I am young enough to have played Oregon Trail in late elementary school, on state-of-the-art Apple IIe "Platinum" computers.

Touch tones? You rich bastard.
 
I think early 1980s kids having clear memories of rotary dial phones is pushing it. I'm mid-1970s and we already had touch tone in our house by the late 1970s. We moved to another house in 1981 whose prior owners left a touch tone phone which we used as a secondary basement phone, but our primary home phone has always been a touch tone pretty much as far as I can remember.

I am young enough to have played Oregon Trail in late elementary school, on state-of-the-art Apple IIe "Platinum" computers.
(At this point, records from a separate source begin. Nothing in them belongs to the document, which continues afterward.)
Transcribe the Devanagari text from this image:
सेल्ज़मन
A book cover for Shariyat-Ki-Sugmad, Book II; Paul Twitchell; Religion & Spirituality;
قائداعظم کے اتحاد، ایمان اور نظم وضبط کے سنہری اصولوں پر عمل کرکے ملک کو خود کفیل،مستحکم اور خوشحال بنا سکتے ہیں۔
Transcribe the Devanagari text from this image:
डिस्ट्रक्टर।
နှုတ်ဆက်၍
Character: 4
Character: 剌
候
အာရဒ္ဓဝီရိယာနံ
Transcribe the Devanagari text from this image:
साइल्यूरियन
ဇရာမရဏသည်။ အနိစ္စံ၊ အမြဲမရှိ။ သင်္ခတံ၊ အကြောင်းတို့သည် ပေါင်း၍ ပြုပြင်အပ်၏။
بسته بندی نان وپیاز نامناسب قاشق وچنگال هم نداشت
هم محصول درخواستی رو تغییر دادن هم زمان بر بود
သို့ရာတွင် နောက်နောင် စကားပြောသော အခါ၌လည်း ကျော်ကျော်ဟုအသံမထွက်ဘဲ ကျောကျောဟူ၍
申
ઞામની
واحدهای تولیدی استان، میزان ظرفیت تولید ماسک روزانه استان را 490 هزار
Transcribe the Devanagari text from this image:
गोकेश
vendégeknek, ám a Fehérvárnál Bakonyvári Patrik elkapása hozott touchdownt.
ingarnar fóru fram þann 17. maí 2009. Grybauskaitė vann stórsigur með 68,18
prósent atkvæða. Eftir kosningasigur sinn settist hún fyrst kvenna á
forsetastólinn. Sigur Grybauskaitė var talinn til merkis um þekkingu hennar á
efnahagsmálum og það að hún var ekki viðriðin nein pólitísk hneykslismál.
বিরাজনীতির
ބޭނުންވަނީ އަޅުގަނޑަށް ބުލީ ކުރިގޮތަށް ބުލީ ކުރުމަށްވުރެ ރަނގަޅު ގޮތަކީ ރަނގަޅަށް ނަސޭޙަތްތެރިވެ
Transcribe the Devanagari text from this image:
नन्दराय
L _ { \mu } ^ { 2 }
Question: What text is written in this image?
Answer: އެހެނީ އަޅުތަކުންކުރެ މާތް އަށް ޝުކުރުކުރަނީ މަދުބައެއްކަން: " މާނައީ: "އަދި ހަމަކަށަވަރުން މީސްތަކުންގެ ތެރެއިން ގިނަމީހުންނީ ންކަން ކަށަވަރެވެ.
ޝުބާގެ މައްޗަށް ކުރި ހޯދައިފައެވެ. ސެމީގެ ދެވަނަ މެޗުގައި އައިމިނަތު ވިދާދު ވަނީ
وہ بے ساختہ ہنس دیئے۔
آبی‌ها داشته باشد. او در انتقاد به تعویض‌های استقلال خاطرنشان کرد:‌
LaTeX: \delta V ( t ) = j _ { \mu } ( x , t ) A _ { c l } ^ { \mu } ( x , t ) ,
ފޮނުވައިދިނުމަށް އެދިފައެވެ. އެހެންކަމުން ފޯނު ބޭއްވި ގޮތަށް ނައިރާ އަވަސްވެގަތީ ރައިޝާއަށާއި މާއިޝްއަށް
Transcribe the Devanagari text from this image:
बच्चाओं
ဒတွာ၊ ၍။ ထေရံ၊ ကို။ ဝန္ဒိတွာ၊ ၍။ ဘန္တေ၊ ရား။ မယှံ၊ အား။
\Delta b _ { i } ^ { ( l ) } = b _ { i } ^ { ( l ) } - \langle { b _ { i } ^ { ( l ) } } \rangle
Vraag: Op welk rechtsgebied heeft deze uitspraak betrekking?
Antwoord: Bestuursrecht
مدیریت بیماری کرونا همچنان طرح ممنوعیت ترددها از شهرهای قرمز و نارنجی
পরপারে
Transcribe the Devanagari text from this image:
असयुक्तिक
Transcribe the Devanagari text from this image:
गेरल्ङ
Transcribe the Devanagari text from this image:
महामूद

It really depends on the kids. I was born in Eastern Europe in the late 80's and had both a rotary phone and a bootleg Nintendo well into the 90's. That's actually how I got so into 80's pop culture. All the western 80's action films and cartoons were no longer censored and were much cheaper to license than the new stuff coming out so I ended up watching stuff like Voltron and Nightmare on Elm Street as fresh, new content in the 90s.
 
They have a seperate subcategory for that, the Xennials/Oregon Trail Generation. You grew up with cassette tapes and analog TV, and when you were an adult it was DVDs and Digital TV. You got to experience rotary pulse dial phones and 3G mobiles.
That's kinda of how I feel. We were the LAST for those older devices as children.

Touch tones? You rich bastard.
He would be, my family didn't get those phones until the late 80's. I was dialing a real phone back then!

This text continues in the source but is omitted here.